Ni Xiao, Zhang Hao Helen, Zhang Daowen
Department of Statistics, North Carolina State University.
J Multivar Anal. 2009 Oct 1;100(9):2100-2111. doi: 10.1016/j.jmva.2009.06.009.
We propose and study a unified procedure for variable selection in partially linear models. A new type of double-penalized least squares is formulated, using the smoothing spline to estimate the nonparametric part and applying a shrinkage penalty on parametric components to achieve model parsimony. Theoretically we show that, with proper choices of the smoothing and regularization parameters, the proposed procedure can be as efficient as the oracle estimator (Fan and Li, 2001). We also study the asymptotic properties of the estimator when the number of parametric effects diverges with the sample size. Frequentist and Bayesian estimates of the covariance and confidence intervals are derived for the estimators. One great advantage of this procedure is its linear mixed model (LMM) representation, which greatly facilitates its implementation by using standard statistical software.
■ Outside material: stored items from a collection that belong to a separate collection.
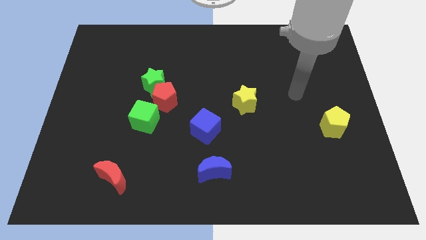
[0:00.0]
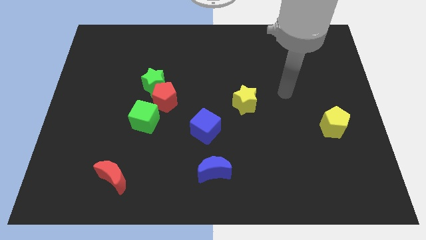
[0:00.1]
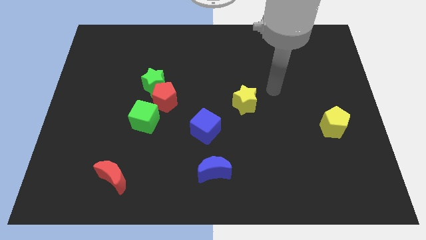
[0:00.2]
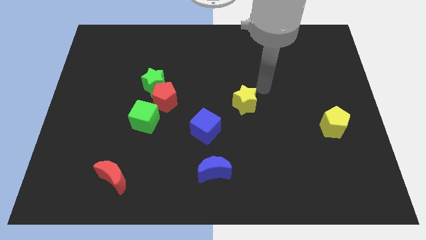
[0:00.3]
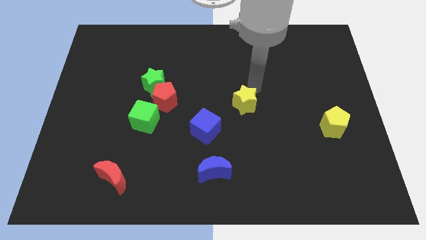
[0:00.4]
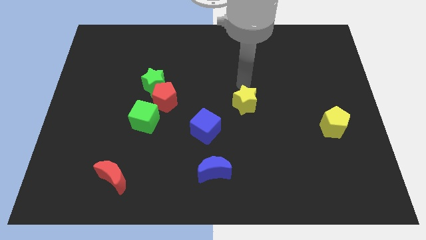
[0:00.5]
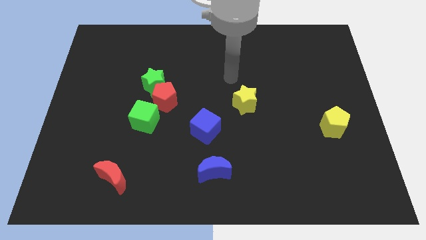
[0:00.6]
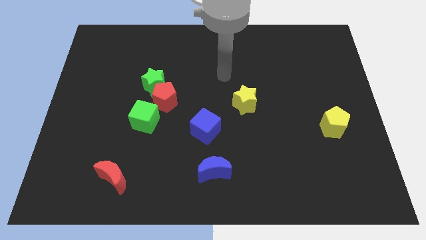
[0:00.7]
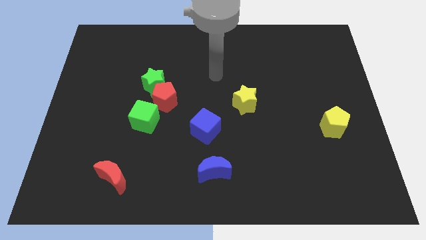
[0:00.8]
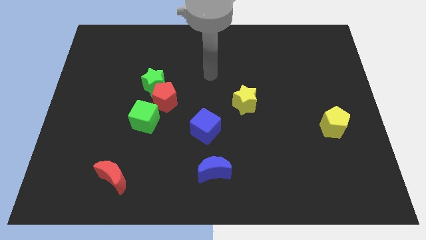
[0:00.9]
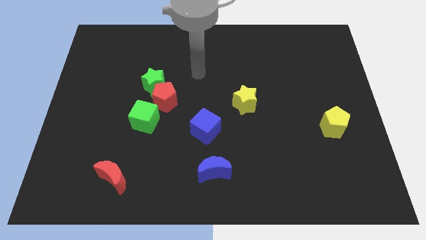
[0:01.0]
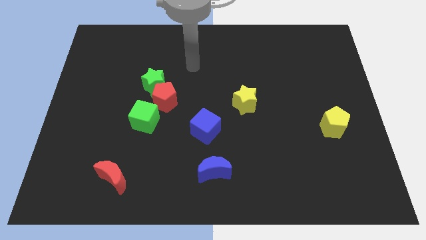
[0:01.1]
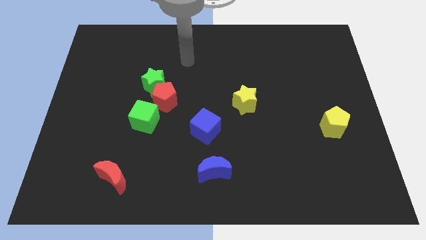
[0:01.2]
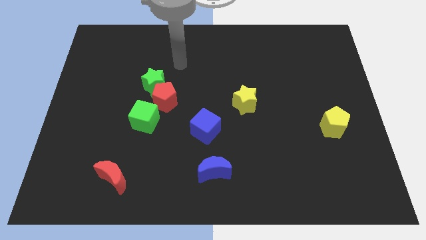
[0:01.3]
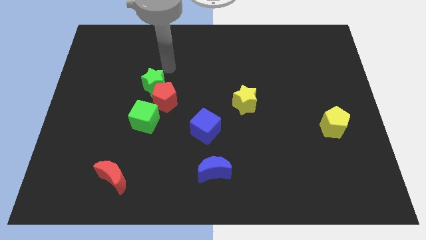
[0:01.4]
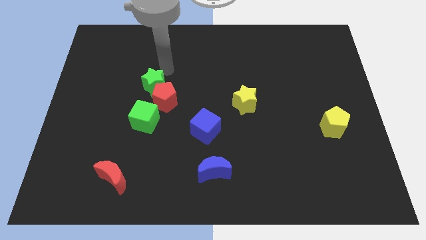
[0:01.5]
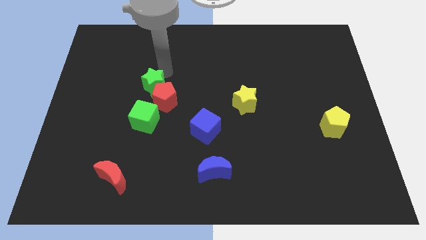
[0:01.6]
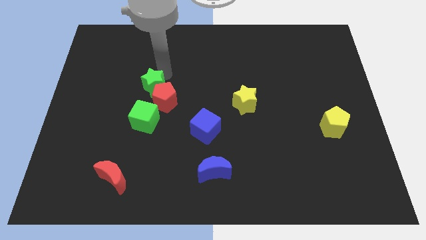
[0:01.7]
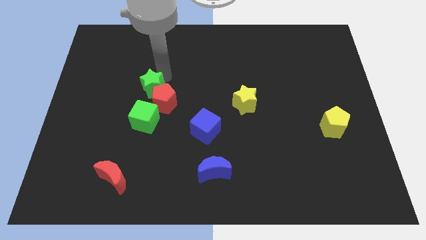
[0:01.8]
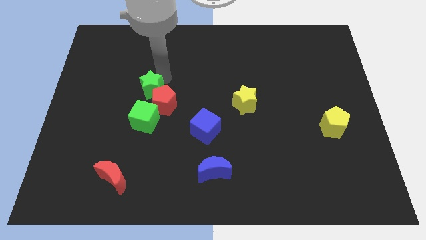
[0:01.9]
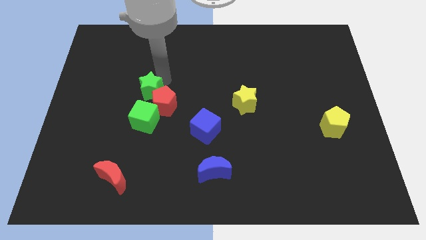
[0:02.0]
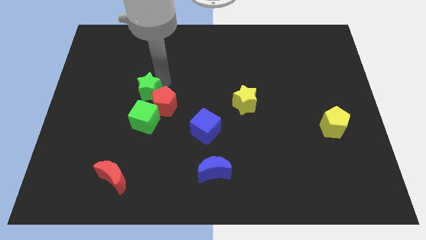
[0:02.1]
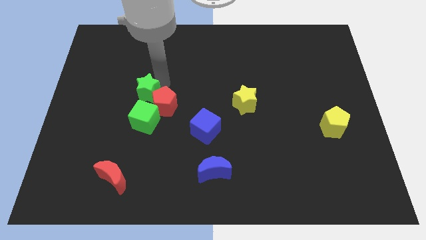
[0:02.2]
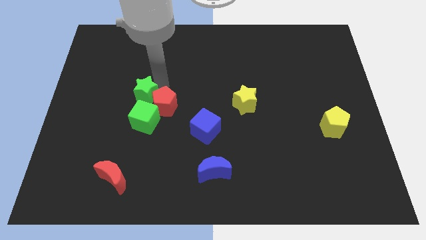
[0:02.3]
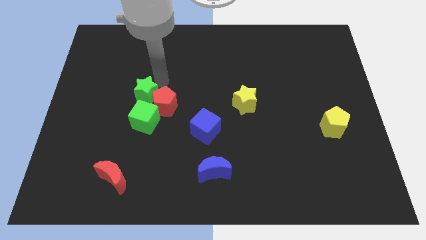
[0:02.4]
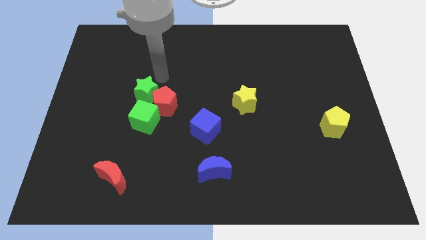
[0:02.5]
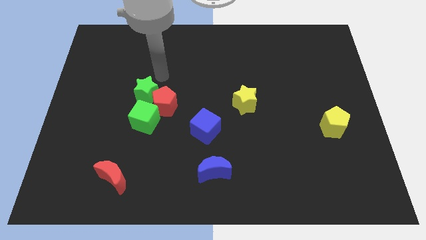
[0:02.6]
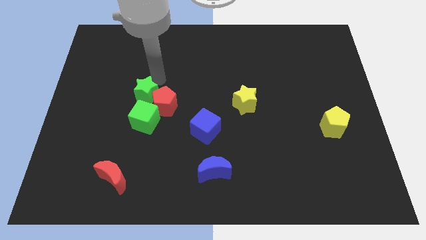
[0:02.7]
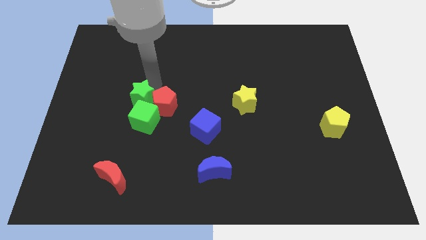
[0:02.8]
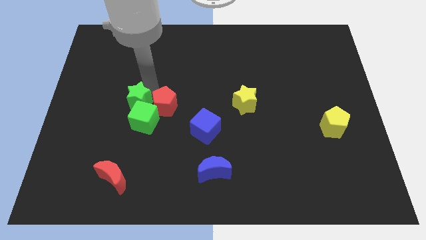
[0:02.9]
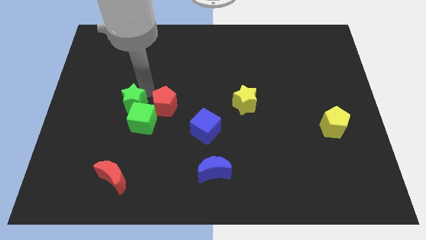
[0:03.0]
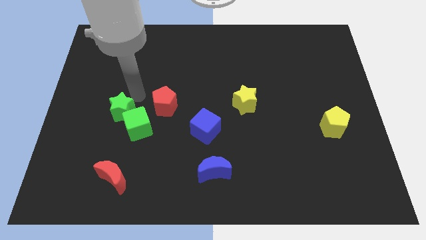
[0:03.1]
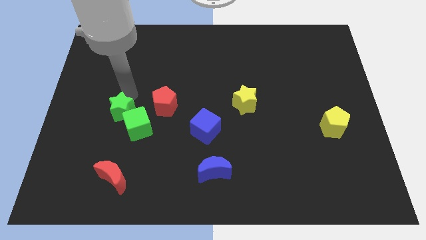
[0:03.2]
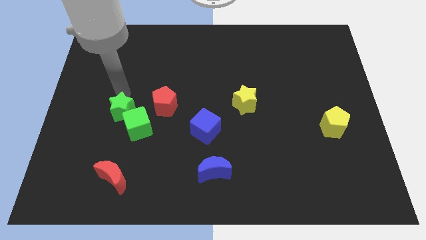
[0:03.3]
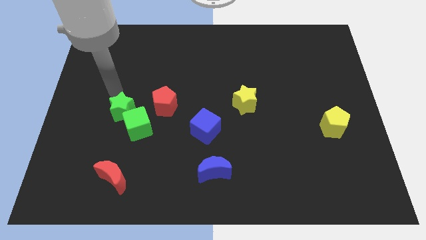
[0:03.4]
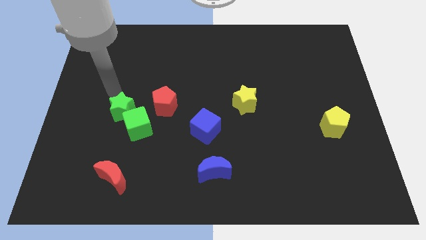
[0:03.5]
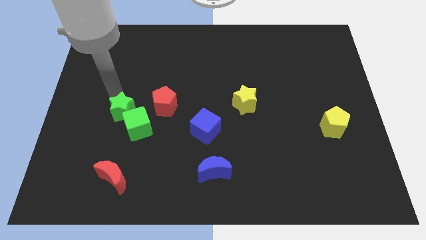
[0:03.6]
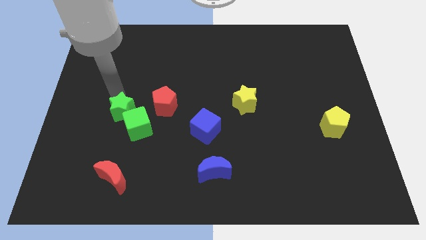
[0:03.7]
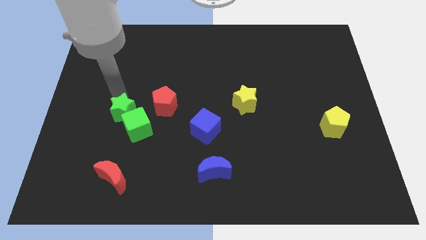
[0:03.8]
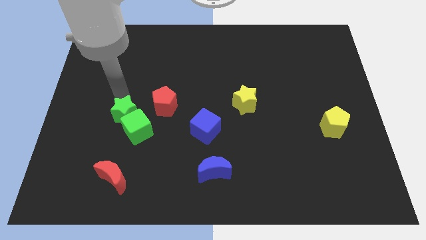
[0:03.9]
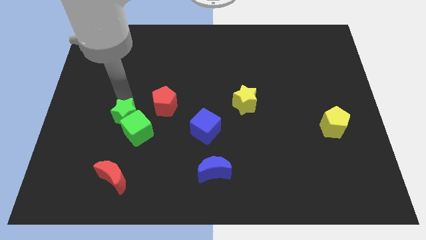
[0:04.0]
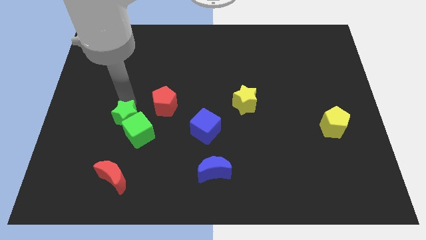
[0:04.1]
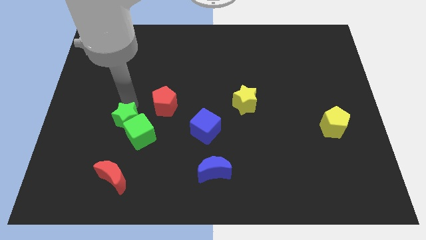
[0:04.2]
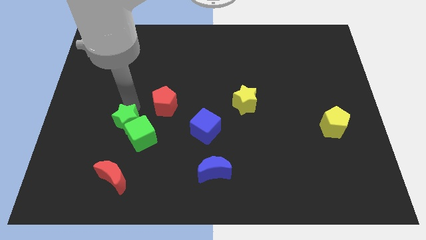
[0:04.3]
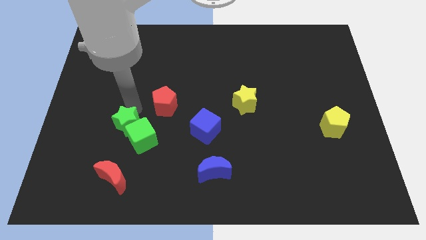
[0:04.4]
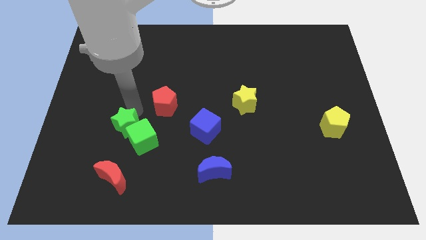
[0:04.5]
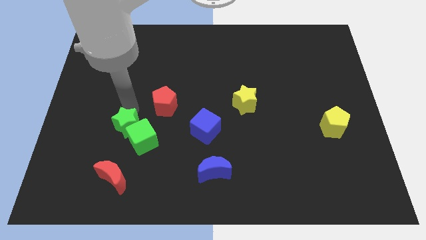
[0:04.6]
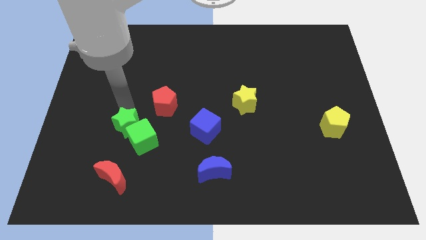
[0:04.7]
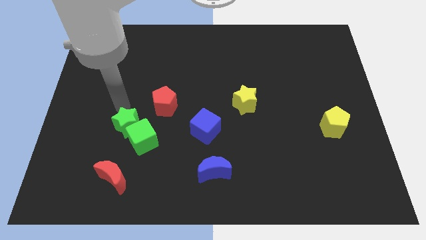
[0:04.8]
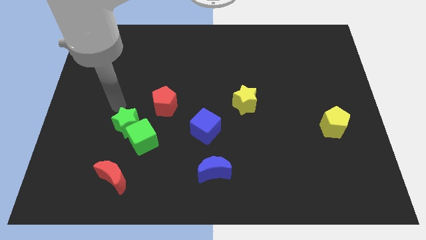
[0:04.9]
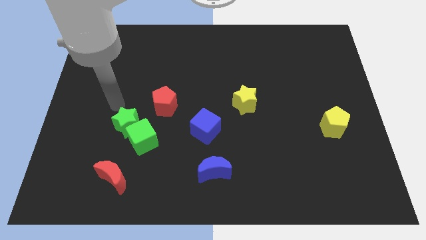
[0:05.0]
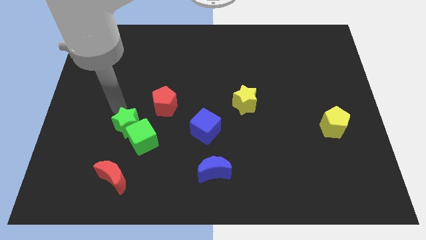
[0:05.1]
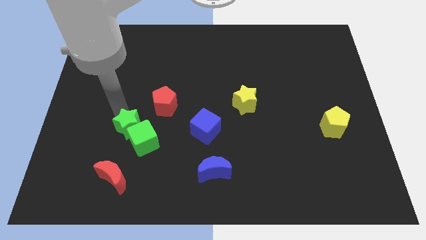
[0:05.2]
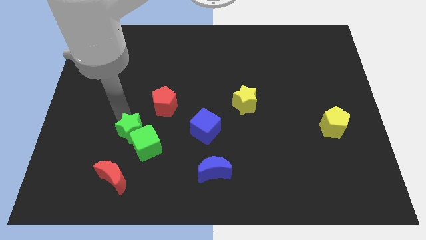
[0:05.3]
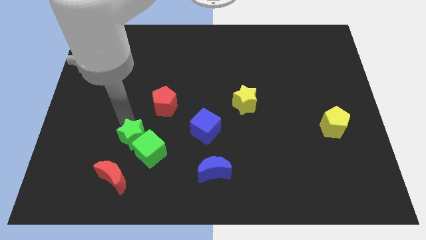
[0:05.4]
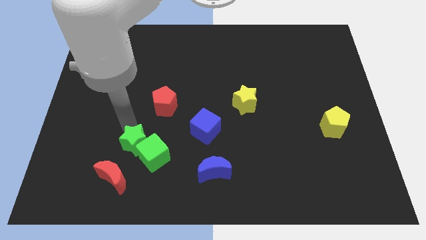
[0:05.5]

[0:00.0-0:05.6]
push the green star to the top right of the red moon

Furthermore, the LMM framework enables one to treat the smoothing parameter as a variance component and hence conveniently estimate it together with other regression coefficients. Extensive numerical studies are conducted to demonstrate the effective performance of the proposed procedure.
我们提出并研究了一种用于部分线性模型变量选择的统一方法。构建了一种新型的双惩罚最小二乘法,使用平滑样条估计非参数部分,并对参数分量施加收缩惩罚以实现模型简约性。理论上我们证明,通过适当选择平滑参数和正则化参数,所提出的方法可以与最优估计器(Fan和Li,2001)一样有效。我们还研究了参数效应数量随样本量发散时估计器的渐近性质。推导了估计器的协方差和置信区间的频率主义估计和贝叶斯估计。该方法的一个很大优点是其线性混合模型(LMM)表示,这极大地便于使用标准统计软件来实现它。此外,LMM框架使人们能够将平滑参数视为方差分量,从而方便地与其他回归系数一起估计它。进行了广泛的数值研究以证明所提出方法的有效性能。